The commonly used instrumental detection methods for cotton impurity include the gravimetric methods, the geometric methods and the spectroscopy methods. The gravimetric methods are mainly used to separated impurities and fiber. For example, the saw impurity analyzer which is the standard method to measure the impurity content of LC in China separates the botanical impurities and cotton fiber using the differences in densities and volumes of them.
The geometric methods are mainly used to detect the impurity content. For example, Lieberman et al.4–7 used neural networks and learn vector quantization methods to detect impurities in LC, the impurities in large cotton lump has also been detected; Li et al. 8 proposed a method which extracted the feature vectors with Gabor Operator and the white foreign fibers were separated in the binary image composited using the feature vectors. Zhang et al. 9 proposed a method for the identification of impurities in SCHCP with machine vision using the support vector machine classifier optimized with genetic algorithm.
The spectroscopy methods are also mainly used to detect the impurity content.

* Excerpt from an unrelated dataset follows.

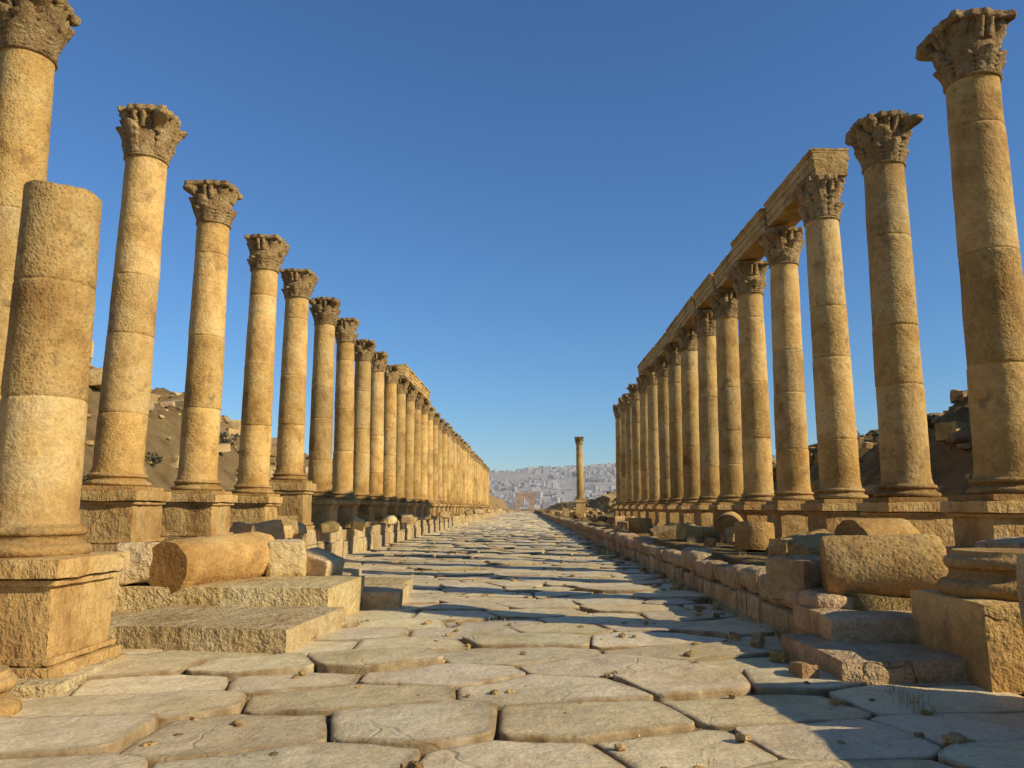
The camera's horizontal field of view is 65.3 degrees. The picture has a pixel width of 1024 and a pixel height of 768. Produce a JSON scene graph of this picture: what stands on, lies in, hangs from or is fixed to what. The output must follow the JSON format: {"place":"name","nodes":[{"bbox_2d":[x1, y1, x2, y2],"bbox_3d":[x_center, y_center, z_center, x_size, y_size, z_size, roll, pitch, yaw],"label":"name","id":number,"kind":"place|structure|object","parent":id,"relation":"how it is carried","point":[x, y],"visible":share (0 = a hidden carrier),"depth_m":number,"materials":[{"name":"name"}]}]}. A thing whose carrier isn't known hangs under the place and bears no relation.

For example, Fortier et al.10,11 acquired the FT-NIR spectral characteristics of hull, leaf, seed, stem of cotton, and identified the cotton impurity components with a NIR spectral database, the identification accuracy was as high as 98% when the spectrum of impurity of new sample was compared with the reference spectral library. Rodgers et al. 12 monitored the micronaire of cotton fiber with a portable NIR instrument. Liu et al. classified the cotton samples into different level using the models between cotton samples and their spectra (220–2200 nm), the results indicated that using the model in the bands of 1105–1700 nm could reach an acceptable separation; Liu et al.13–15 found there were large differences between the spectra (1200–900 cm−1) of the mature and immature cotton fiber. Allen et al. 16 used a FT-IR spectral database to classify cotton samples into different impurity levels. Gamble and Foulk 17 built the partial least squares (PLS) models of six botanical trash types using fluorescence spectroscopy and the models of leaves and hull were capable of predicting individual trash component with a high degree of confidence. Gaitán-Jurado et al. 18 determined the moisture content and impurity level of SC using NIR spectra. For moisture, the best model was obtained using PLS regression method, the first derivate, drying method, standard normal variate (SNV), and detrending as the pretreatment method.
The geometric methods and the spectroscopy methods are often combined to detect cotton impurities and other features of cotton fiber. For example, Zhang et al. 19 inspected foreign matter the surface of LC using the method of liquid crystal tunable filter hyper-spectral image with spectral ranging from 900 to 1700 nm. Mustafic et al.20,21 found fluorescent imaging apparatus with blue and UV light excitation sources could be a promising method for cotton foreign matter detection. Jia and Ding 22 transformed the discriminations of the absorption characteristic of cotton fibers and foreign fibers at the NIR band to image features, then an image segmentation algorithm was selected for extracting foreign fiber objects from cotton background. The high volume instrument (HVI) incorporates both spectroscopy and imaging, can measure multi-indexes of LC, such as the color grade, the length, the strength, and the fineness of cotton fiber, etc. HVI can also measure the impurity content of LC in the way of counting the number of impurities and the percentage of total surface area of impurities. 23
In summary, it can be found that there are many researches to detect the impurity of LC, while there is almost no research on the detection of the impurities of SC. The impurity content of SC is much larger than the impurity content of LC, especially large quantity of stems, hulls, and leaves of cotton plant become comingled with cotton fiber in SC harvested with cotton-picker (SCHCP); The other reason is SC contains cotton seeds while LC do not. In this research, NIR spectroscopy is investigated to detect the impurity content (mainly refers to stems, hulls, and leaves of cotton plant) of SCHCP. The partial least square (PLS) models between the diffuse reflection NIR spectra and the impurity content of SCHCP.
Materials and methods
The whole experiment mainly contains four steps: sampling and sample preparation, NIR spectra acquisition, separate impurity from cotton, mathematical modeling, as shown in Figure 1.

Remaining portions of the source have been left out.